Those proceeding by sea would most likely have hugged the coastline, perhaps even putting in to a safe harbor every evening. However, questions remain as to whether the enemy ships mentioned in the Ugaritic texts belonged to the Sea Peoples or to renegade members of their own kingdom, as implied in the letter sent by Eshuwara, the governor of Alashiya.65 In this regard, we should take into account the letter just mentioned, from the House of Urtenu in Ugarit, that mentions the “Shikila people,” who, more likely than not, can be identified with the Shekelesh of the Egyptian records. The letter was sent by the Hittite king, probably Suppiluliuma II, to the governor of Ugarit, and refers to a young king of Ugarit, who “does not know anything.” Singer, among other scholars, sees this as a probable reference to Ammurapi, who was the new king of Ugarit at the time. In the letter, the Hittite king says that he wishes to interview a man named Ibnadushu, who had been captured by the Shikila people “who live on ships,” in order to find out more information about these Shikila/Shekelesh.66 However, we do not know whether the interview ever took place or what else might have been learned from Ibnadushu.

It is generally agreed that this document contains the only specific mention by name of the Sea Peoples outside of Egyptian records, although it has also been suggested that there might be others. The “enemy from the land of Alashiya” who attacked the last Hittite king, Suppiluliuma II, on land after he had fought three sea battles against Alashiyan (i.e., Cypriot) forces is possibly a reference to the Sea Peoples. So too is an inscription found at Hattusa in 1988, which may contain an indication that Suppiluliuma II was already fighting the Sea Peoples who had landed on the southern coast of Anatolia and were advancing north.67 Most documents and inscriptions, other than the Egyptian records, simply contain the more general phrase “enemy ships,” though, and do not specifically name the Sea Peoples.

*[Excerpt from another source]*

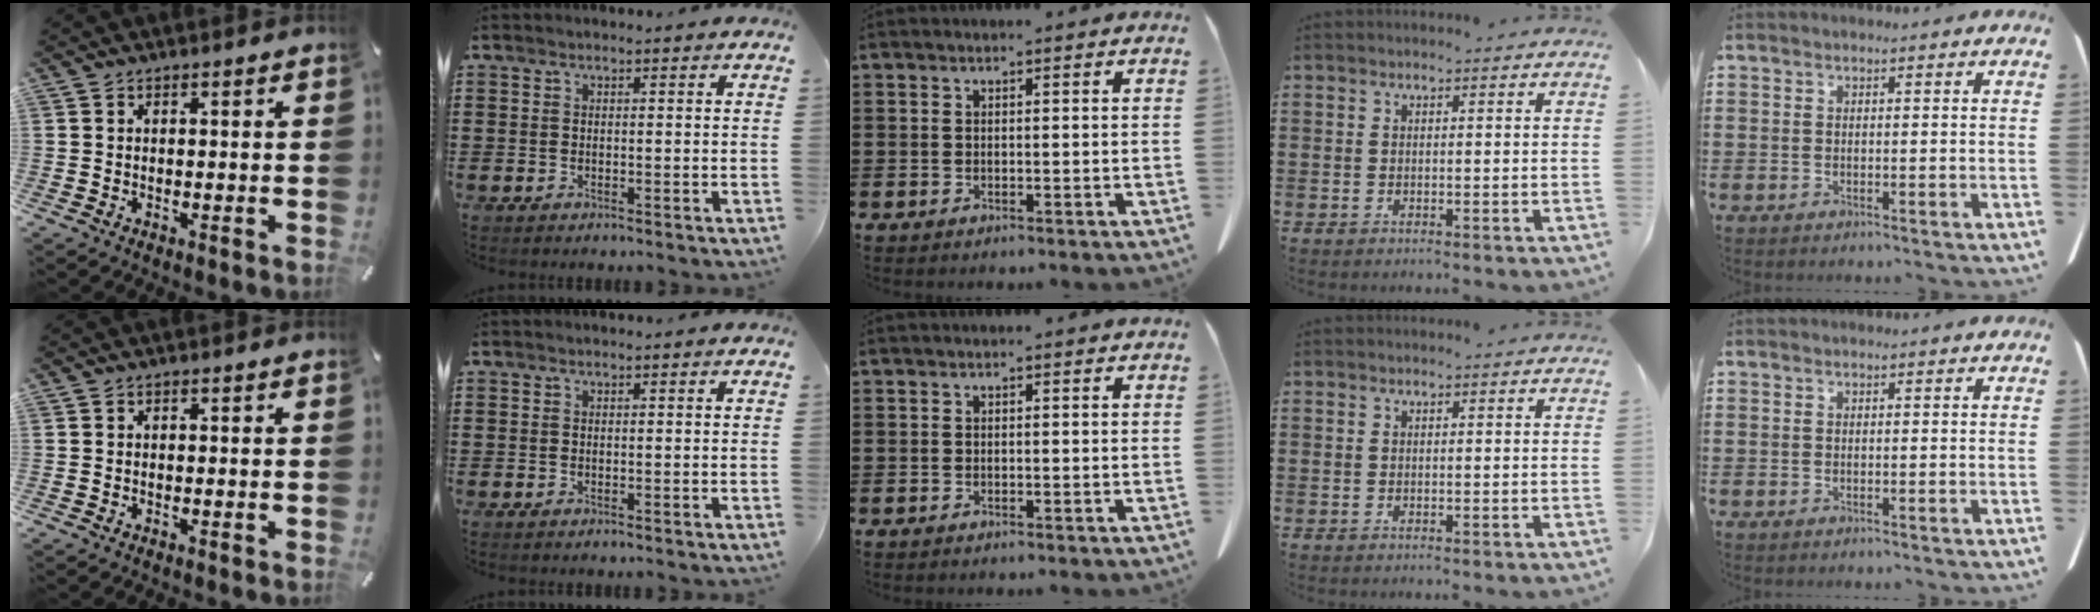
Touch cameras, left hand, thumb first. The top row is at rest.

Those of the Sea Peoples who came by land possibly, and perhaps likely, proceeded along a predominantly coastal route, where the destruction of specific cities would have opened up entire new areas to them, in much the same way that Alexander the Great’s battles at the Granicus River, Issus, and Gaugamela opened up specific portions of the ancient Near East to his army almost a thousand years later. Assaf Yasur-Landau of the University of Haifa has suggested that some of the Sea Peoples could have begun their journey in Greece and passed through the Dardanelles to western Turkey/Anatolia. Others—perhaps most of them, he says—would simply have begun their journey at this point, perhaps joining those coming from the Aegean, with the route continuing along the southern coast of Turkey to Cilicia at its eastern end, and then down to the southern Levant via a route running along the coast. If they followed this route, they would have encountered the city of Troy, the kingdoms of Arzawa and Tarhuntassa in Anatolia, and the cities of Tarsus and Ugarit in southeastern Anatolia and northern Syria, respectively. Some or all of these sites do show signs of destruction and/or subsequent abandonment that occurred about the time that the Sea Peoples are presumed to have been active, but it is unclear whether they were actually responsible.68

In fact, the archaeological evidence now seems to suggest that most of the sites in Anatolia were simply either completely or mostly abandoned at this time, rather than put to the torch by the Sea Peoples. We can speculate that if the international trade, transportation, and communication routes were disrupted by wars, famines, or other forces, the cities dependent upon these routes might have withered and died, with the result that their populations would have left gradually or fled rapidly, depending upon the speed of commercial and cultural decline. As one scholar has recently said, “while it is reasonable to assume that Cilicia and the Syrian coast were affected by the actions of the Sea Peoples, so far neither historical nor archaeological evidence for any kind of activity of the Sea Peoples in the Hittite homelands is attested … the real causes for the collapse of the Hittite state seem to be internal rather than external.”69

A prime example of assigning blame without proof is the recent claim related to the radiocarbon dating at Tell Tweini, the site of the Late Bronze Age harbor town of Gibala within the kingdom of Ugarit. Here, the laboratory results led the excavators and their colleagues to conclude that they have found evidence of destruction wreaked by the Sea Peoples, and to specifically date it to 1192–1190 BC.70 They state, without caveat: “The Sea Peoples were seaborne foes from different origins. They launched a combined land-sea invasion that destabilized the already weakened power base of empires and kingdoms of the old world, and attempted to enter or control the Egyptian territory. The Sea Peoples symbolize the last step of a long and complex spiral of decline in the ancient Mediterranean world.”71

Although there is little doubt that the city was destroyed at about the time identified by the excavators, as confirmed by the radiocarbon dates, the attribution to the Sea Peoples as the agents of the destruction is speculative, although it is certainly quite possible. The excavators have not offered any definitive proof regarding a role for the Sea Peoples; they simply point out that the material culture of the settlement that was established on the tell after the destruction includes “the appearance of Aegean-type architecture, locally-made Mycenaean IIIC Early pottery, hand-made burnished pottery, and Aegean-type loam-weights.”72 As they state, “these materials, also known from Philistine settlements, are cultural markers of foreign settlers, most probably the Sea Peoples.”73 While Tweini could be the best example yet of a site possibly destroyed and then resettled by the Sea Peoples, we cannot say so with absolute certainty. Moreover, as Annie Caubet has noted with regard to Ras Ibn Hani (above), one cannot always be sure that the people who resettled a site after its destruction are necessarily the same ones who destroyed it in the first place.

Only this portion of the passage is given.